• [TASK BRIEF]:
Task for the records below: copy exactly from the first line on, stopping once the line with "month: September" is copied, and leave out the pictures.

(Stored data entries)
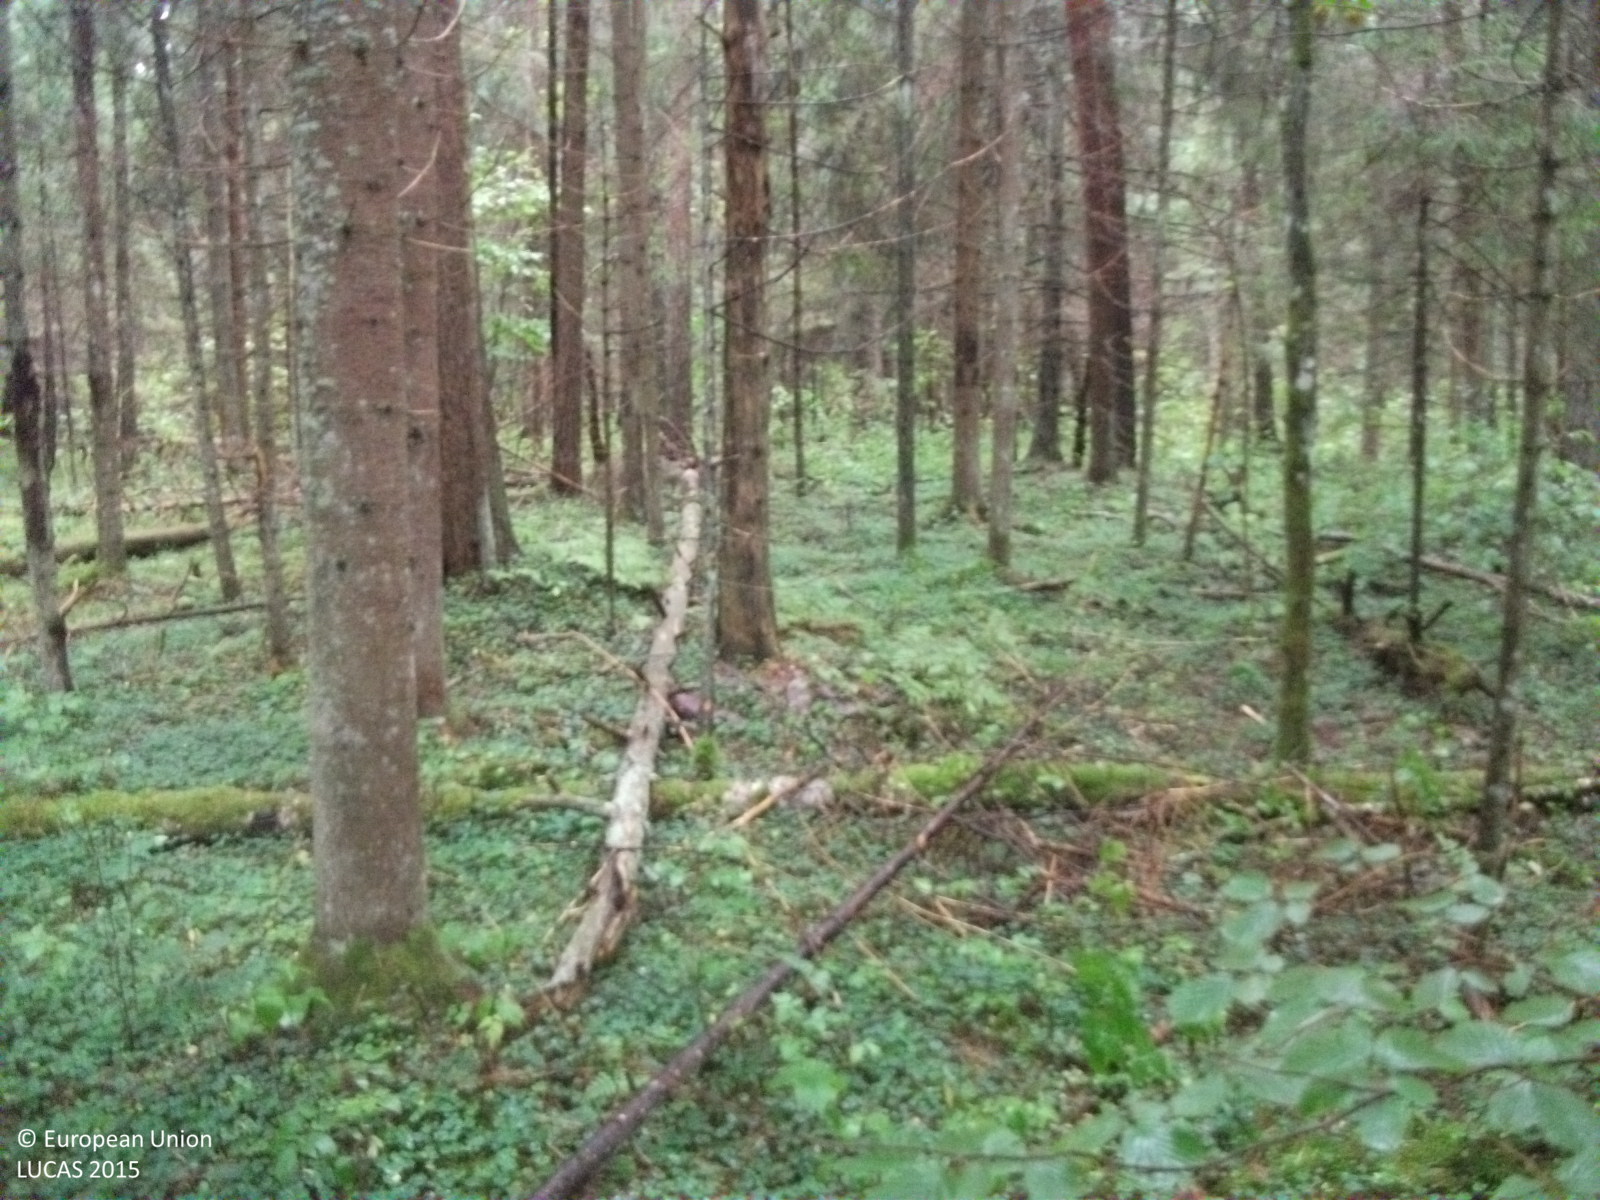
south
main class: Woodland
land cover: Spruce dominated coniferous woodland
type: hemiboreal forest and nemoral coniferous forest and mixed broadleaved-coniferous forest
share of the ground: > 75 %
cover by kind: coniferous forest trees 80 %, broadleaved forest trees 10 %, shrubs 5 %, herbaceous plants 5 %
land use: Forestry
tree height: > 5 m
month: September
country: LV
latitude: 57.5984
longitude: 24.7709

• [EXERCISE SOLUTION]:
south
main class: Woodland
land cover: Spruce dominated coniferous woodland
type: hemiboreal forest and nemoral coniferous forest and mixed broadleaved-coniferous forest
share of the ground: > 75 %
cover by kind: coniferous forest trees 80 %, broadleaved forest trees 10 %, shrubs 5 %, herbaceous plants 5 %
land use: Forestry
tree height: > 5 m
month: September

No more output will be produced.